27 (Terloops zij opgemerkt dat het huis vol mannen en vrouwen was en dat alle Filistijnse asvorsten daar waren;+ en op het dak waren ongeveer drieduizend mannen en vrouwen, die toekeken terwijl Si̱mson wat amusement bood.+)
28 Nu riep Si̱mson+ tot Jehovah+ en zei: „Soevereine Heer Jehovah,* gedenk mij+ alstublieft, en sterk+ mij alstublieft nog voor deze ene keer, o gij, de [ware] God, en laat mij wraak nemen op de Filistijnen met wraak voor een van mijn beide ogen.”*+
29 Daarop zette Si̱mson zich schrap tegen de twee middelste zuilen, waarop het huis stevig gegrondvest was, en greep ze vast, de ene met zijn rechter- en de andere met zijn linkerhand.

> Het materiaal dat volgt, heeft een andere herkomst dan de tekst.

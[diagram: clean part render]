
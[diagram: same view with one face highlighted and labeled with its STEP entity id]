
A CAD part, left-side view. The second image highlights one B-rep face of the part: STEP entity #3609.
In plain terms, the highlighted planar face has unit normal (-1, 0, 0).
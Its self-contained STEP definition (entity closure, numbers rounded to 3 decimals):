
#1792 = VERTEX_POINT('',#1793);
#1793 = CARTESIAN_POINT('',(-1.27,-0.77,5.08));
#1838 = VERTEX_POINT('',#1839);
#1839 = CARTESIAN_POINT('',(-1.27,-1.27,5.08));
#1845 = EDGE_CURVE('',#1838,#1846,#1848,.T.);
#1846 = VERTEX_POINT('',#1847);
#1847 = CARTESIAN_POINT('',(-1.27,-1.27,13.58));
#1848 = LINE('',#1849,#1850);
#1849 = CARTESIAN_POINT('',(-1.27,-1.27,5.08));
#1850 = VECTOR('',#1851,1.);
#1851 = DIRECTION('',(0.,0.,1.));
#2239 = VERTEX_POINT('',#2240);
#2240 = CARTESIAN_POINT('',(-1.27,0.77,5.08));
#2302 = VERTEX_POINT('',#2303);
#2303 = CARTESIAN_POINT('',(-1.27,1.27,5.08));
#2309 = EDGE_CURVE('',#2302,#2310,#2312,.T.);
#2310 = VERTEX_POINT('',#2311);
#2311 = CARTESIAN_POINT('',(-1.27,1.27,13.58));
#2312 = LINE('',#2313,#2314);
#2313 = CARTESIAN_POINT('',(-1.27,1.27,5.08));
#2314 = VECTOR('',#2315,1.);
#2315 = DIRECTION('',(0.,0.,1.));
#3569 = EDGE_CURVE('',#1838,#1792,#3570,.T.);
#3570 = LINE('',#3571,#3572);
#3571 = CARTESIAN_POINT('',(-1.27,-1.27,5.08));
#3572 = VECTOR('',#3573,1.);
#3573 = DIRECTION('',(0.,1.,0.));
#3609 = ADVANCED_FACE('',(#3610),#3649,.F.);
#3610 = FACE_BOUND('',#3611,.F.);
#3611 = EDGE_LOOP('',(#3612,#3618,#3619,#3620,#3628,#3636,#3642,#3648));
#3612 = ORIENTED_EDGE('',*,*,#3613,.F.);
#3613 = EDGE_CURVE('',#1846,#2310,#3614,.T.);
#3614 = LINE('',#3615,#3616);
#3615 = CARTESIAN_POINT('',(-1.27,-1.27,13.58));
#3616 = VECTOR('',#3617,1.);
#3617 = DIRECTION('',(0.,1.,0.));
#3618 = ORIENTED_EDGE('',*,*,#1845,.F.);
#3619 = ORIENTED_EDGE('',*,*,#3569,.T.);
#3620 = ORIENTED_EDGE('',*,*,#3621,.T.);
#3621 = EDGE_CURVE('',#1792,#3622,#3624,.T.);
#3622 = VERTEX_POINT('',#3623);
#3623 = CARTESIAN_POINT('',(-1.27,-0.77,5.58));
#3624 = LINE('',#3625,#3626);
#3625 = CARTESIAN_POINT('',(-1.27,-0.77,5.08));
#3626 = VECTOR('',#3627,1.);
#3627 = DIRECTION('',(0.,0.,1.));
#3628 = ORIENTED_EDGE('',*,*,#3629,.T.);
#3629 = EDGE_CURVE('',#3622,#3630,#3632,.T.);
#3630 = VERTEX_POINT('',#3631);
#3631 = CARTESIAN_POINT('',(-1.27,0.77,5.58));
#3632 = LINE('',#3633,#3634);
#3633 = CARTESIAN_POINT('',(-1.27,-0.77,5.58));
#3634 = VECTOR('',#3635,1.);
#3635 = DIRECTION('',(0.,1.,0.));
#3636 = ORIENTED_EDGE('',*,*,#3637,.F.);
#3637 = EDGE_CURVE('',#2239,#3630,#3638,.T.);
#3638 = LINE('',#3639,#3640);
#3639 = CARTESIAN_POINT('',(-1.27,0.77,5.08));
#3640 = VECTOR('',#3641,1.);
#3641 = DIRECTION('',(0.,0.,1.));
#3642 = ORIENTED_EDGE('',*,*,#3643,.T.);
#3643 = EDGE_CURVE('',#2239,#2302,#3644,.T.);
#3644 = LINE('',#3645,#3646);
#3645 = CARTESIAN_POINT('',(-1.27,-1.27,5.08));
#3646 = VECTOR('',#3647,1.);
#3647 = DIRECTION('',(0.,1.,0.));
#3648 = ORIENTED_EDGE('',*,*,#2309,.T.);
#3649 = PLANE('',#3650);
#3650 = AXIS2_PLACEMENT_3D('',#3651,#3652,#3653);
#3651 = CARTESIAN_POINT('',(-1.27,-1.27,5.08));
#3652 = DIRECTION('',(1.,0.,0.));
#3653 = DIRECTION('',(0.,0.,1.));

30 Vervolgens zei Si̱mson: „Mijn ziel sterve+ met de Filistijnen.” Toen boog hij zich met kracht, en het huis stortte in op de asvorsten en op al het volk dat erin was,+ zodat de doden die hij bij zijn eigen sterven ter dood bracht, talrijker werden dan die hij gedurende zijn leven ter dood gebracht had.+
31 Later kwamen zijn broeders en het hele huisgezin van zijn vader af en namen hem op, en zij voerden hem op en begroeven hem tussen Zo̱ra+ en Esta̱ol+ in de grafstede van zijn vader Mano̱ah.+ Wat hem aangaat, hij was twintig jaar rechter over I̱sraël geweest.+
Voetnoten
^ „En . . . werd . . . bericht”, LXX; M laat dit weg.

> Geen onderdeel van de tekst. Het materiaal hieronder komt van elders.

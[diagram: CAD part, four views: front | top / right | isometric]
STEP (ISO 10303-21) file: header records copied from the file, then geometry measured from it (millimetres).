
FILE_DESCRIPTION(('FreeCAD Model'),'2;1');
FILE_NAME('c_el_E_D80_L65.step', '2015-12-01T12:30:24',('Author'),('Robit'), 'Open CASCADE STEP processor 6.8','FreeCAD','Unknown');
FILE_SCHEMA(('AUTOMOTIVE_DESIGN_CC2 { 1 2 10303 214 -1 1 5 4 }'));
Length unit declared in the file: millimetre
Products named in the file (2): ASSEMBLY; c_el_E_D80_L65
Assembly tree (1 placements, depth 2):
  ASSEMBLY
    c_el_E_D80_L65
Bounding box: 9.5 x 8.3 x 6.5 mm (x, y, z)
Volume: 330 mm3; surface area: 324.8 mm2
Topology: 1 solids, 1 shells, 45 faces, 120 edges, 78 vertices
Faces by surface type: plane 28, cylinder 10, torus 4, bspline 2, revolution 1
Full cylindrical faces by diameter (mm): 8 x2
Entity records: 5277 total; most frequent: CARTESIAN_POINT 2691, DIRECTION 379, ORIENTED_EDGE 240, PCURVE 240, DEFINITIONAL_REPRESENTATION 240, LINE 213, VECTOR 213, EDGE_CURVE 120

^ LXX voegt toe: „en legde ze daar neer.”
^ „En het gebeurde dat terwijl hij sliep, Delila de zeven vlechten van zijn hoofdhaar nam en ze in de schering weefde en ze aan de pin in de muur vasthechtte”, LXXB.
^ „Onze god.” Hebr.: ʼelo·hēʹnoe, mv. ter aanduiding van uitnemendheid, van toepassing op Dagon en met een ww. in het enk.; LXXA(Gr.): theʹos; Lat.: deʹus. Zie 1Sa 5:7; 2Kon 19:37.
^ „En ik zal mij wreken op de vreemdelingen (Filistijnen) met één wraak voor mijn beide ogen”, LXX; Vg: „opdat ik mij op mijn vijanden moge wreken en één wraak voor het verlies van twee ogen moge ontvangen.”
^ „Soevereine Heer Jehovah.” Hebr.: ʼAdho·naiʹ Jeho·wihʹ; LXXB(Gr.): A·do·naʹi·e Kuʹri·e; Lat.: Doʹmi·ne Deʹus. Zie App. 1E.